START Study material

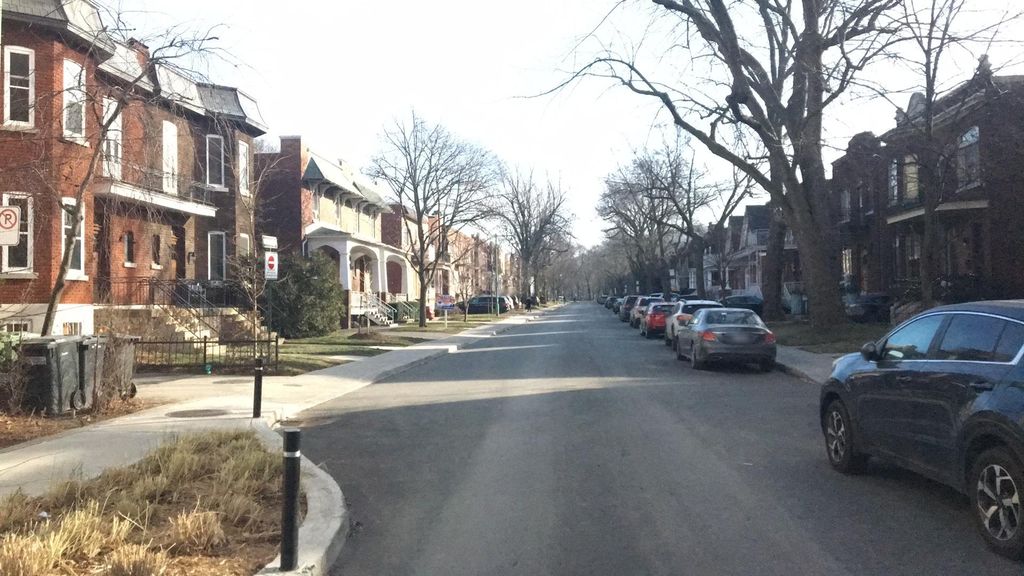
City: montreal
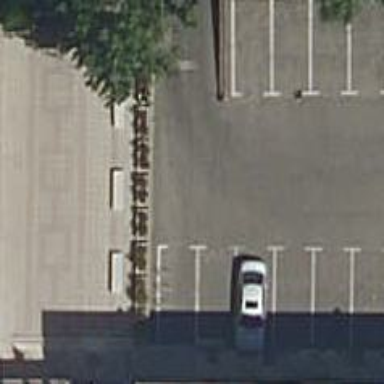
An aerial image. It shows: Bicycle parking area with stands.
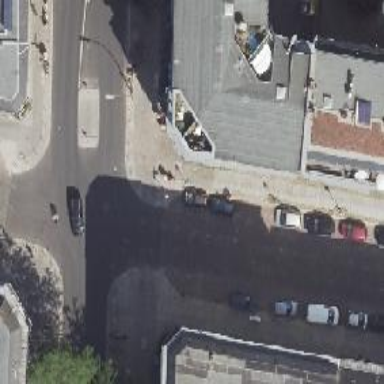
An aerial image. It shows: Unmarked crossing on asphalt footway.
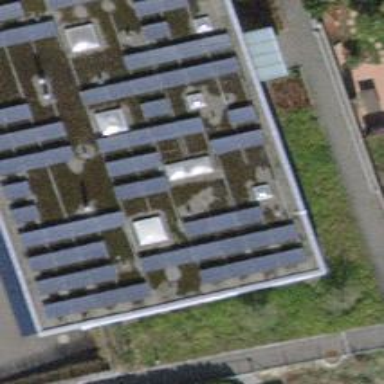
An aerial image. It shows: Small solar photovoltaic panel generator on the roof of building.
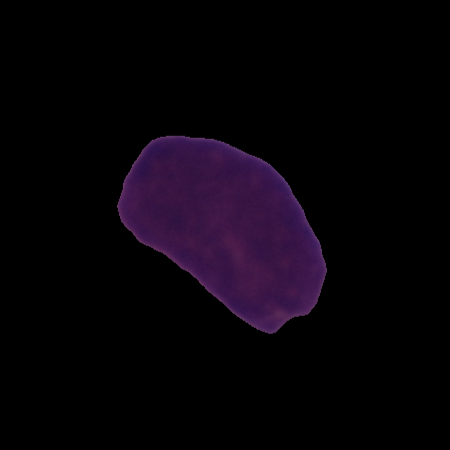
Label: cancer
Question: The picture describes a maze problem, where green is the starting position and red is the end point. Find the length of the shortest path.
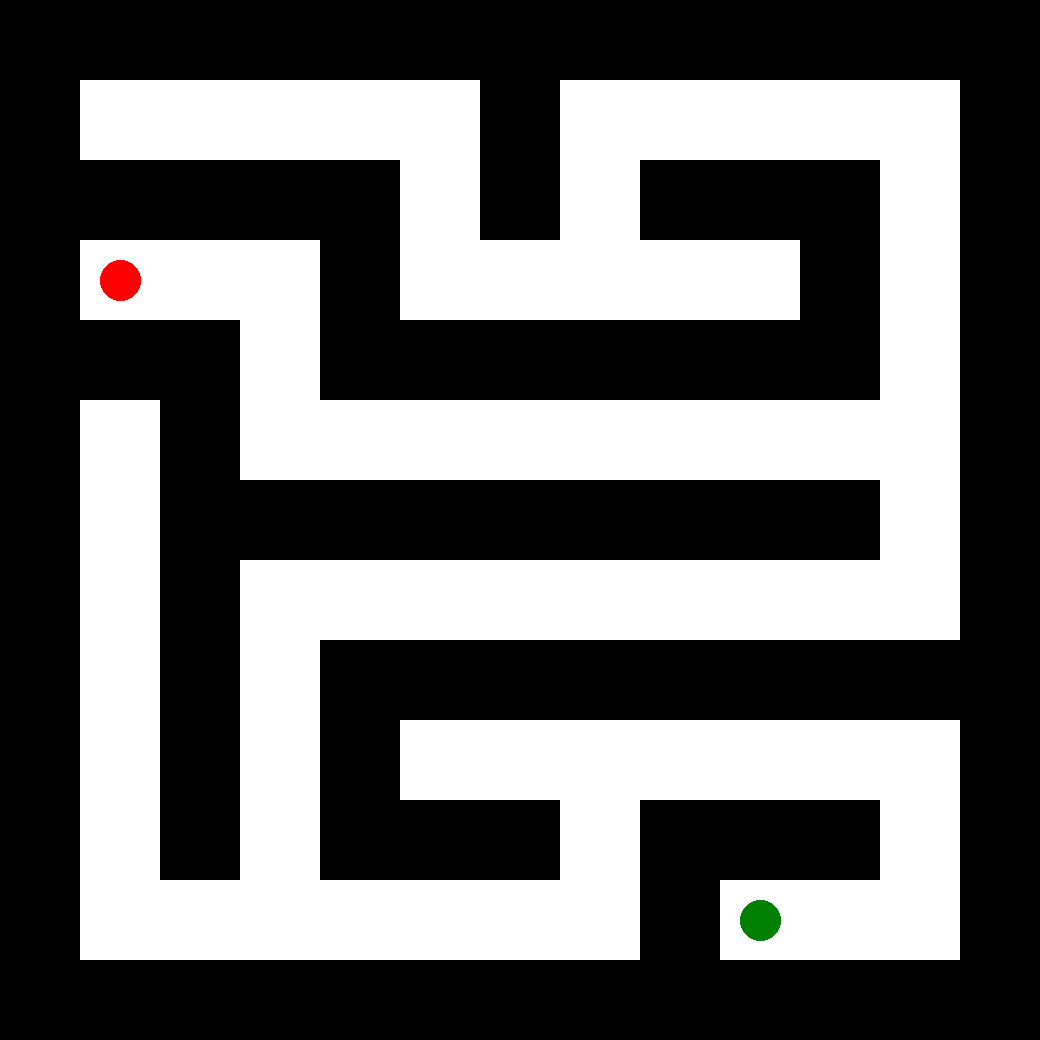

END Study material

Exercise ▸ Copy out, with no pictures, the lines from the one containing "An aerial image. It shows: Unmarked" through the last line of the data above, both ends included and each word unchanged.

Result of the task ▸
An aerial image. It shows: Unmarked crossing on asphalt footway.
An aerial image. It shows: Small solar photovoltaic panel generator on the roof of building.
Label: cancer
Question: The picture describes a maze problem, where green is the starting position and red is the end point. Find the length of the shortest path.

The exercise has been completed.